The pacing of the film is superb. It starts on an exhilarating high from the first scene on and it maintains that high-octane tension for throughout the entire film. It also peaks very well in the climax, culminating in an explosive fight between Kancha Cheena and Vijay Chauhan. The new Agneepath is a film that all the current crop of filmmakers should learn from because it shows just how the story should be handled, how the direction should be handled and so on. Most of the current films are extremely lackluster with wide, gaping plotholes you can drive a Hummer through and most of the plot points are all gratuitous that add nothing at all to the concept of the story itself. There are no lows at all in the movie and it is just building on itself as it progresses until it goes to the climax and all the tension that has been built up explodes. You just are never bored with it.
In that same vein, the best thing about Agneepath is that it takes the viewer back to the 80s and 90s when a good storyline and good acting were what absolutely made or broke a film. Most of the popcorn movies of today throw in gratuitous swearing, a ridiculous item song or two (Agneepath does have one of these though), and some rather inane, low-brow humour in an effort to sell themselves. They are also, the majority of them at any rate, just caricatures of themselves, and they reward the viewer for being dumb and clueless. In Agneepath, content reigns supreme and the acting is really stellar. I fully expect both Hrithik and Dutt-saab to get at least a nomination each for their performances and for Agneepath to be nominated in several categories as well, not the least of which is for Best Film and Best Director. Under the auspices of Karan Johar’s Dharma Productions, whose father produced the original Agneepath, Karan Malhotra definitely delivers on a masterpiece that is quite a tribute to the glory days of Bollywood.

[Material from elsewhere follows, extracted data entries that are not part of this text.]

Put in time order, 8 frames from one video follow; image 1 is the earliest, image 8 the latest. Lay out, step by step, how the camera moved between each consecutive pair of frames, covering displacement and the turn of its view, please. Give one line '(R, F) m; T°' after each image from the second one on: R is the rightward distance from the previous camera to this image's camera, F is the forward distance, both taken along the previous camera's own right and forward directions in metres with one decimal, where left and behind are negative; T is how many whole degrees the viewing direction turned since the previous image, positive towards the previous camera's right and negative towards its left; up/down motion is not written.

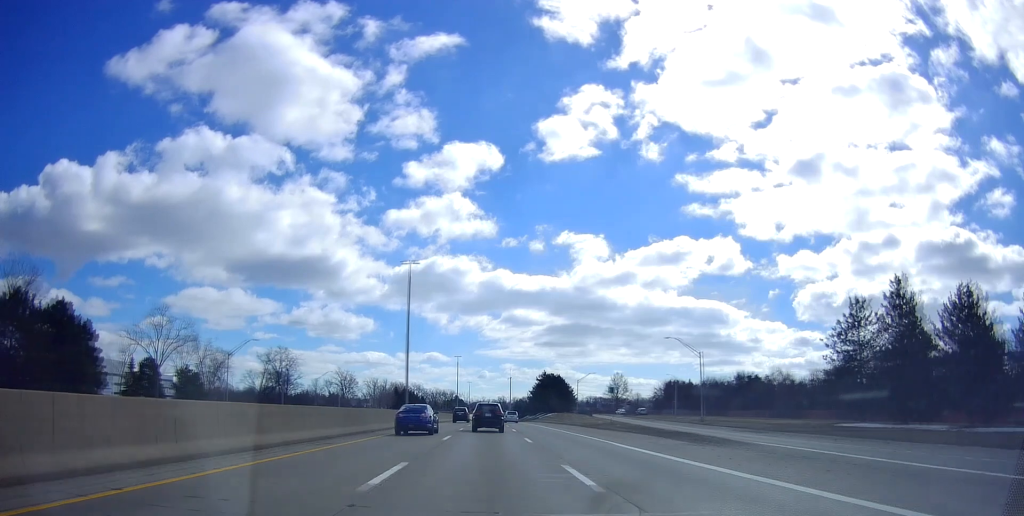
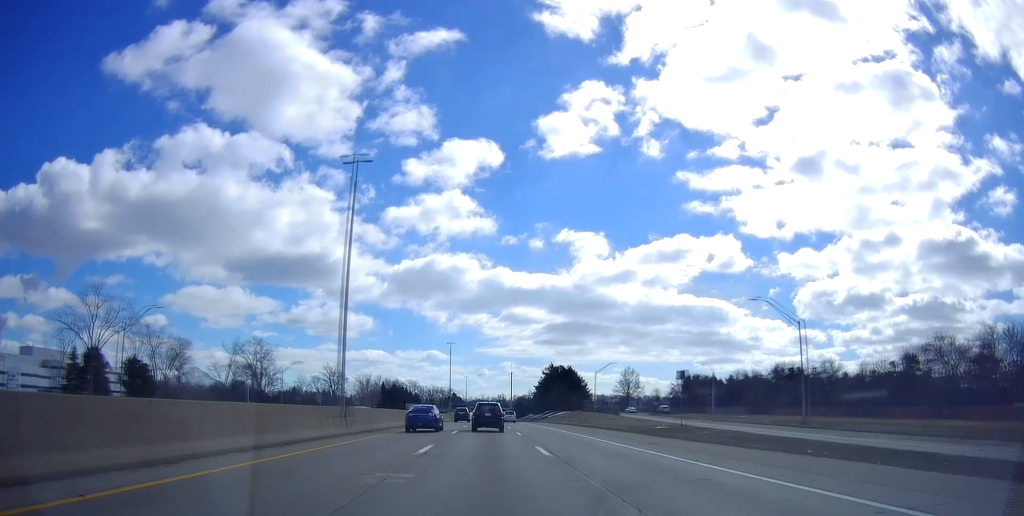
(+0.3, +23.0) m; 0°
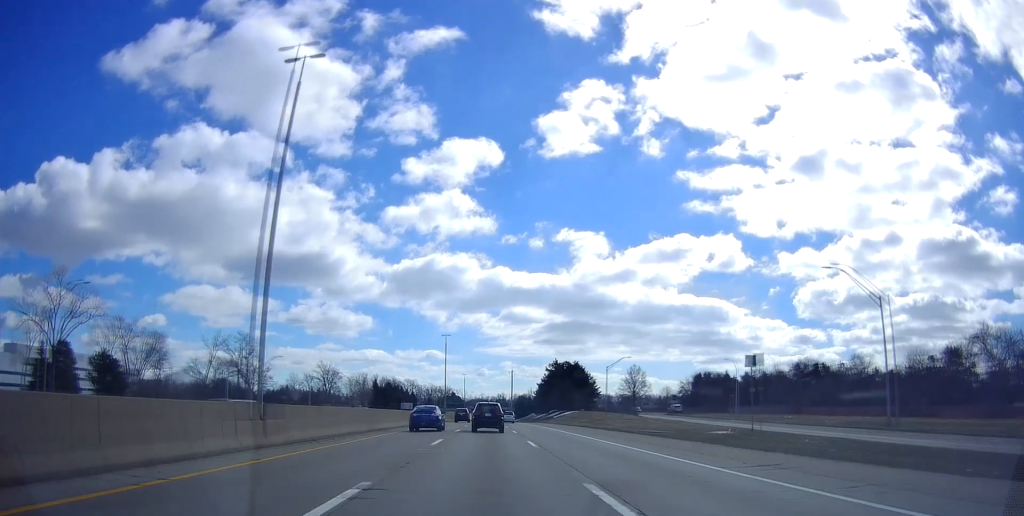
(-0.1, +11.0) m; -1°
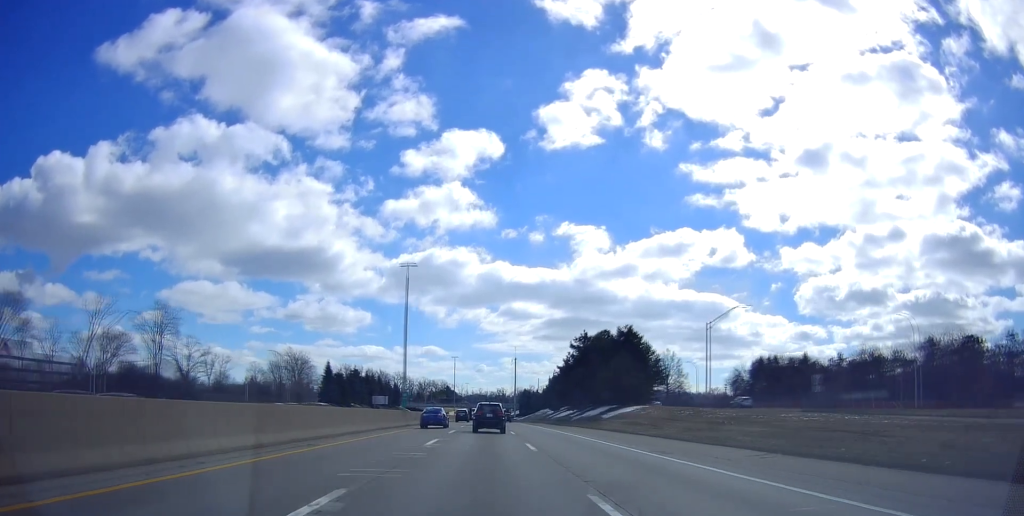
(+0.2, +46.6) m; +1°
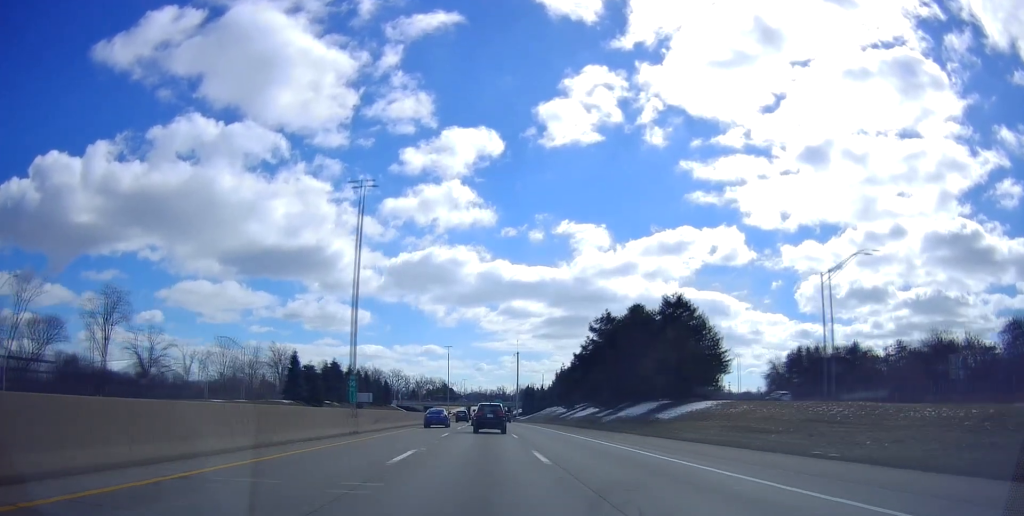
(+0.6, +20.1) m; 0°
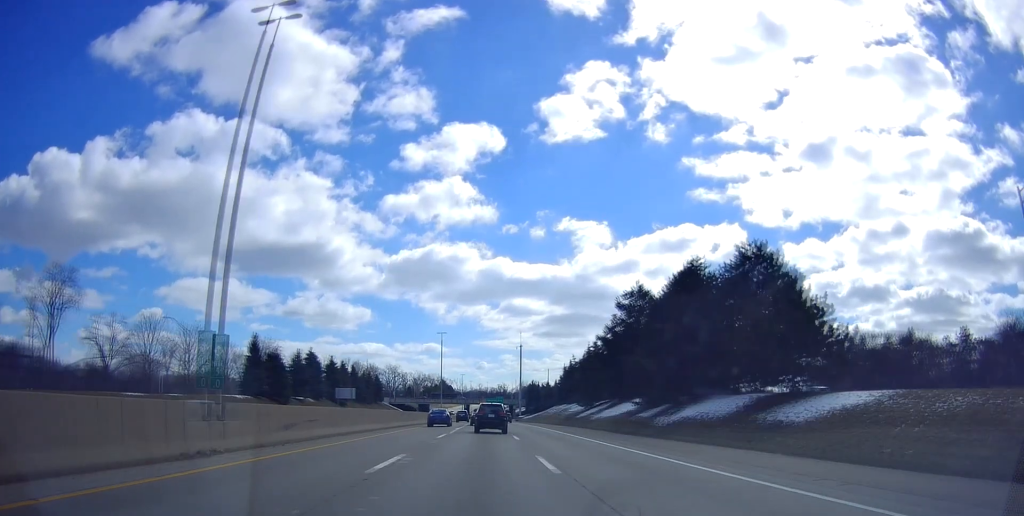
(-0.7, +17.4) m; -2°
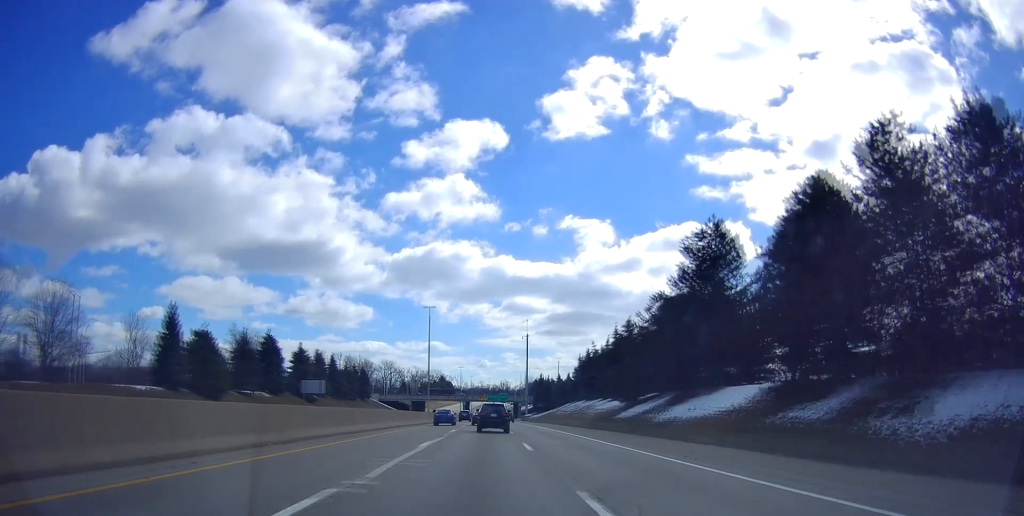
(-0.2, +23.0) m; 0°
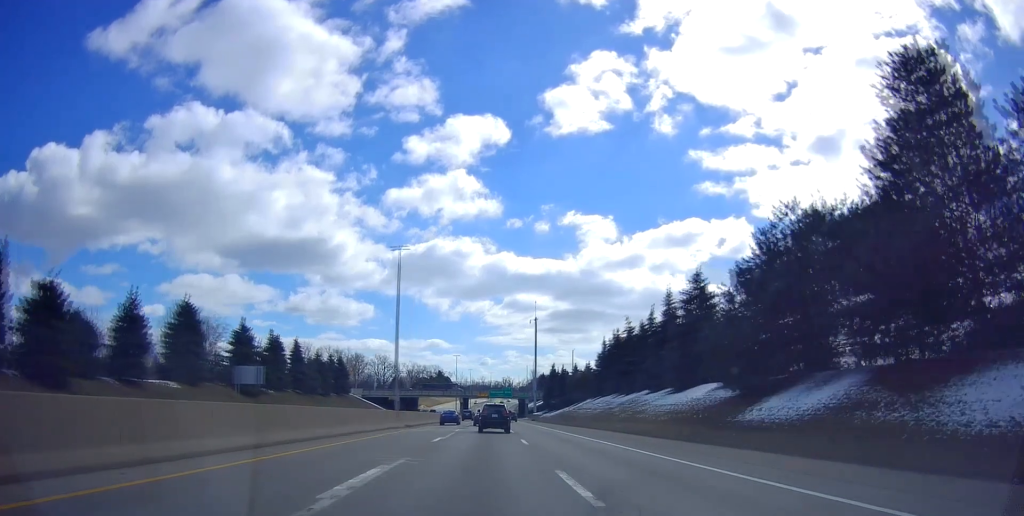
(+0.3, +25.9) m; +1°

The film’s songs fall somewhere between excellent and average. Chikni Chameli, Gun gun gunare and Shah Ka Ruthba are my favourites, particularly because they are definitely very forceful dance tracks, although Shah Ka Ruthba is a far more sedate and regal song than the others. The choreography, courtesy , is decent enough with a particular shout-out for Chikni Chameli which is done in the traditional lavni style, a fast-paced style that is quite difficult to dance to but has been ably performed by Katrina Kaif and has garnered both her and choreographer a lot of praise, and rightly so.
The Karan-duo’s Agneepath is definitely a well-put together film and the incredible hard-work that has gone into the film is redeemed in spades by the final product, given its critical and commercial success. A truly star cast, a great script that reestablishes the prominence of good content, great soundtrack plus a dark and brutal grittiness all combines to make Agneepath a serious contender for movie of the year.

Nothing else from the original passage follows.